- What you are asked to do
Transcribe the records below. Leave nothing out and change nothing.

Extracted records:

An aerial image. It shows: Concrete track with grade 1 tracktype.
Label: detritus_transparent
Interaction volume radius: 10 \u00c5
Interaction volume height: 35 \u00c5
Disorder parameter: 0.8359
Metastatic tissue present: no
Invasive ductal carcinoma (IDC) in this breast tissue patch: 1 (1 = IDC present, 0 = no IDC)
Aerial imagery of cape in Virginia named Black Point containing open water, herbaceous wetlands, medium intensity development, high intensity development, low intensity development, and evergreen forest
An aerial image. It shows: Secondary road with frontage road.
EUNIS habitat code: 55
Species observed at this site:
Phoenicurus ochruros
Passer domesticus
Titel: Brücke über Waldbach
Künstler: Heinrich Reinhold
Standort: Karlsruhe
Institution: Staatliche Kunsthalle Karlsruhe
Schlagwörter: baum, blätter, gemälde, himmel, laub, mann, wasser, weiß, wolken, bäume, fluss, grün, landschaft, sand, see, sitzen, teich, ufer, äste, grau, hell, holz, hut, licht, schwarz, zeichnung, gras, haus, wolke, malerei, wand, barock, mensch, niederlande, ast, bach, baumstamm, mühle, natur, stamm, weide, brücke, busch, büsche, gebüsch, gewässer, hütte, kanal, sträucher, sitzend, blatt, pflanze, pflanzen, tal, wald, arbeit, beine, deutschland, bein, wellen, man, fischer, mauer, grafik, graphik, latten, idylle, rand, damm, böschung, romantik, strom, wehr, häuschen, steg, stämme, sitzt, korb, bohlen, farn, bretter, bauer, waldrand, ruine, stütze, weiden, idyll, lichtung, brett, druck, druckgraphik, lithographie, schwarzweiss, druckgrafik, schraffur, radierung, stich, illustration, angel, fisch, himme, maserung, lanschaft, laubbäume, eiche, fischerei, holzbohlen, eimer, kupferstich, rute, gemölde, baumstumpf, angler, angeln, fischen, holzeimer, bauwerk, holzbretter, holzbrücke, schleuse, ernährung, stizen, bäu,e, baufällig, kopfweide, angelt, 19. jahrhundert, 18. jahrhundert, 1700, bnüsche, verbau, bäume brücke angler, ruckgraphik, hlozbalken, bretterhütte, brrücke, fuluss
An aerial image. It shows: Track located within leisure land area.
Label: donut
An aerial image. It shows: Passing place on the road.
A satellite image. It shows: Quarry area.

- Exercise answer
An aerial image. It shows: Concrete track with grade 1 tracktype.
Label: detritus_transparent
Interaction volume radius: 10 \u00c5
Interaction volume height: 35 \u00c5
Disorder parameter: 0.8359
Metastatic tissue present: no
Invasive ductal carcinoma (IDC) in this breast tissue patch: 1 (1 = IDC present, 0 = no IDC)
Aerial imagery of cape in Virginia named Black Point containing open water, herbaceous wetlands, medium intensity development, high intensity development, low intensity development, and evergreen forest
An aerial image. It shows: Secondary road with frontage road.
EUNIS habitat code: 55
Species observed at this site:
Phoenicurus ochruros
Passer domesticus
Titel: Brücke über Waldbach
Künstler: Heinrich Reinhold
Standort: Karlsruhe
Institution: Staatliche Kunsthalle Karlsruhe
Schlagwörter: baum, blätter, gemälde, himmel, laub, mann, wasser, weiß, wolken, bäume, fluss, grün, landschaft, sand, see, sitzen, teich, ufer, äste, grau, hell, holz, hut, licht, schwarz, zeichnung, gras, haus, wolke, malerei, wand, barock, mensch, niederlande, ast, bach, baumstamm, mühle, natur, stamm, weide, brücke, busch, büsche, gebüsch, gewässer, hütte, kanal, sträucher, sitzend, blatt, pflanze, pflanzen, tal, wald, arbeit, beine, deutschland, bein, wellen, man, fischer, mauer, grafik, graphik, latten, idylle, rand, damm, böschung, romantik, strom, wehr, häuschen, steg, stämme, sitzt, korb, bohlen, farn, bretter, bauer, waldrand, ruine, stütze, weiden, idyll, lichtung, brett, druck, druckgraphik, lithographie, schwarzweiss, druckgrafik, schraffur, radierung, stich, illustration, angel, fisch, himme, maserung, lanschaft, laubbäume, eiche, fischerei, holzbohlen, eimer, kupferstich, rute, gemölde, baumstumpf, angler, angeln, fischen, holzeimer, bauwerk, holzbretter, holzbrücke, schleuse, ernährung, stizen, bäu,e, baufällig, kopfweide, angelt, 19. jahrhundert, 18. jahrhundert, 1700, bnüsche, verbau, bäume brücke angler, ruckgraphik, hlozbalken, bretterhütte, brrücke, fuluss
An aerial image. It shows: Track located within leisure land area.
Label: donut
An aerial image. It shows: Passing place on the road.
A satellite image. It shows: Quarry area.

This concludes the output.